From 1b8fb99a7a6ec5ea16f1a123639f872319a70062 Mon Sep 17 00:00:00 2001
From: Navina Ramesh <navina@startree.ai>
Date: Fri, 29 May 2026 13:28:46 -0700
Subject: [PATCH 2/4] removing superfluous comments

---
 .../reduce/AggregationDataTableReducer.java   |  1 -
 .../query/reduce/BrokerReduceService.java     | 39 +++++--------------
 .../reduce/DistinctDataTableReducer.java      |  3 +-
 .../query/reduce/GroupByDataTableReducer.java |  3 --
 4 files changed, 11 insertions(+), 35 deletions(-)

diff --git a/pinot-core/src/main/java/org/apache/pinot/core/query/reduce/AggregationDataTableReducer.java b/pinot-core/src/main/java/org/apache/pinot/core/query/reduce/AggregationDataTableReducer.java
index cc1b2e809c89..2617cd043e65 100644
--- a/pinot-core/src/main/java/org/apache/pinot/core/query/reduce/AggregationDataTableReducer.java
+++ b/pinot-core/src/main/java/org/apache/pinot/core/query/reduce/AggregationDataTableReducer.java
@@ -149,7 +149,6 @@ public DataTable mergeDataTablesOnly(String tableName, DataSchema dataSchema,
     }
     dataSchema = ReducerDataSchemaUtils.canonicalizeDataSchemaForAggregation(_queryContext, dataSchema);
     try {
-      // No data for this bucket: emit an empty (0-row) intermediate DataTable carrying the schema.
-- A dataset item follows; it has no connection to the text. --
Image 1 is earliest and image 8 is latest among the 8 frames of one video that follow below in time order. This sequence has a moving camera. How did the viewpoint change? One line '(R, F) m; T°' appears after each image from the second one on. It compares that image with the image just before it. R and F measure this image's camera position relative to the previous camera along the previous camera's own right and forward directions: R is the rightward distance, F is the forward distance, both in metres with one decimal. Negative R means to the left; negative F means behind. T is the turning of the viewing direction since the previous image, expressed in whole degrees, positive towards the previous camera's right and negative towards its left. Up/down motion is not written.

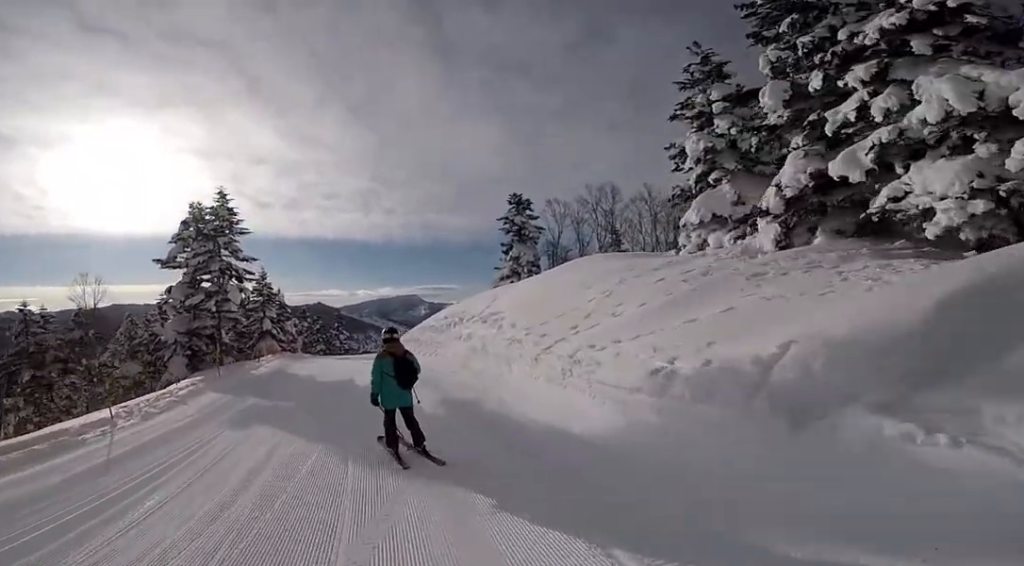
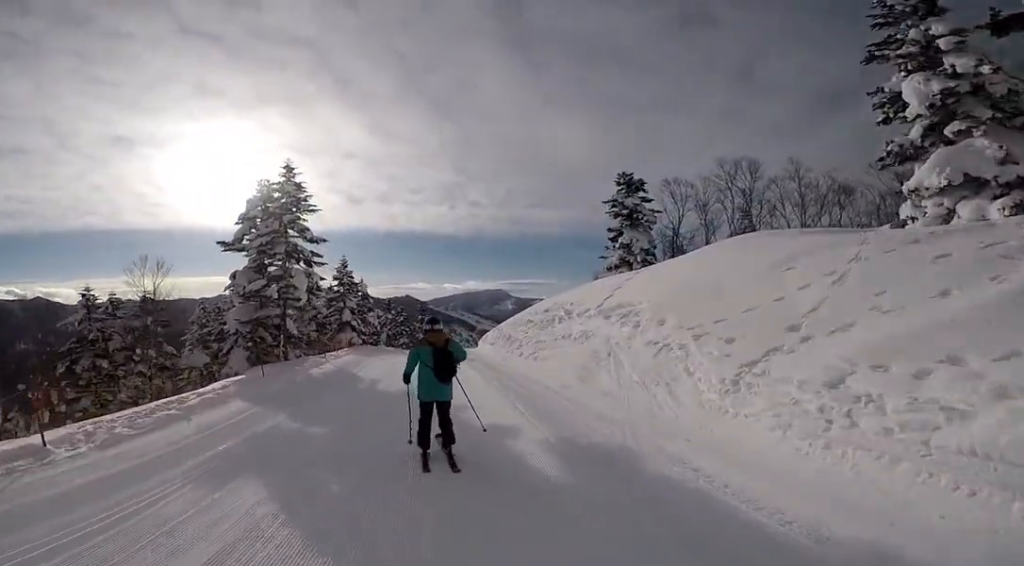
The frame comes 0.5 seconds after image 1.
(-0.2, +3.4) m; -4°
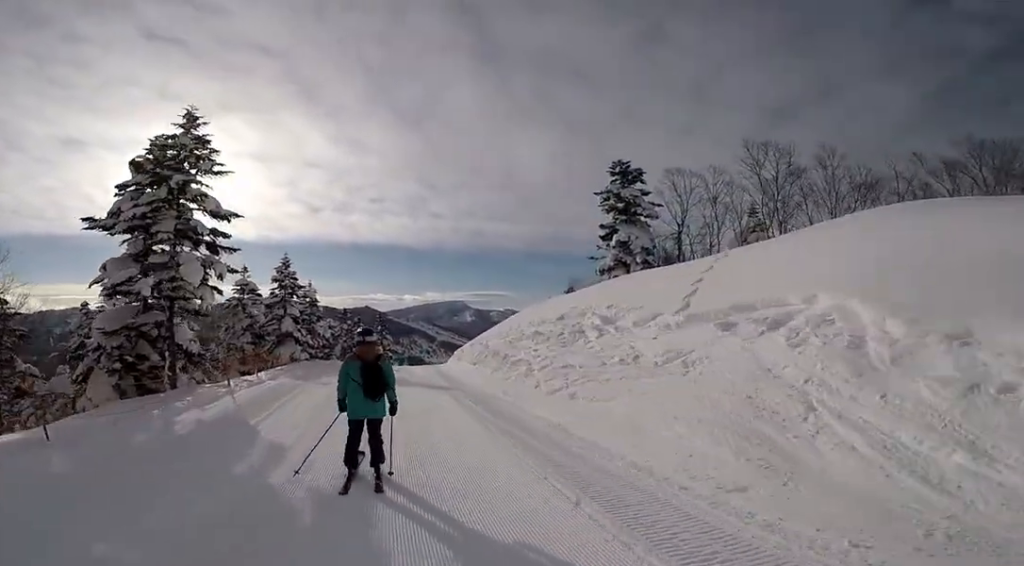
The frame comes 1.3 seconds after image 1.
(-0.2, +5.7) m; -1°
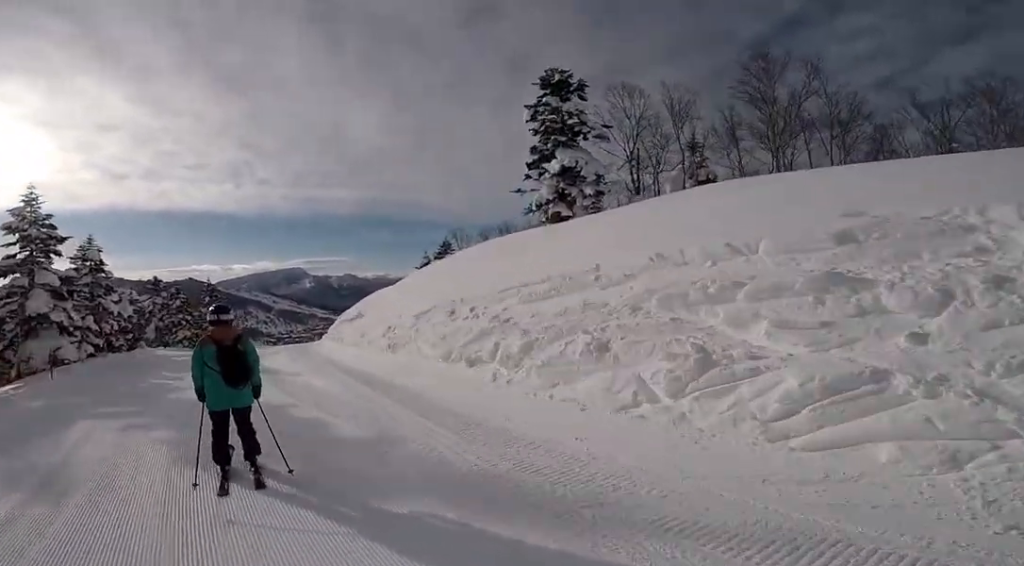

       if (dataTableMap.isEmpty()) {
         return DataTableBuilderFactory.getDataTableBuilder(dataSchema).build();
       }
diff --git a/pinot-core/src/main/java/org/apache/pinot/core/query/reduce/BrokerReduceService.java b/pinot-core/src/main/java/org/apache/pinot/core/query/reduce/BrokerReduceService.java
index 774754ec6a05..f4d714d7996b 100644
--- a/pinot-core/src/main/java/org/apache/pinot/core/query/reduce/BrokerReduceService.java
+++ b/pinot-core/src/main/java/org/apache/pinot/core/query/reduce/BrokerReduceService.java
@@ -180,47 +180,33 @@ private static boolean isMaterializedViewRewrite(BrokerRequest serverBrokerReque
    * Merge-only counterpart of {@link #reduceOnDataTable}: merges the per-server DataTables into a single
    * intermediate {@link DataTable} WITHOUT finalizing (no {@code extractFinalResult}). Returns
    * {@code null} when there is nothing to merge (empty map, or all servers returned no data / errored).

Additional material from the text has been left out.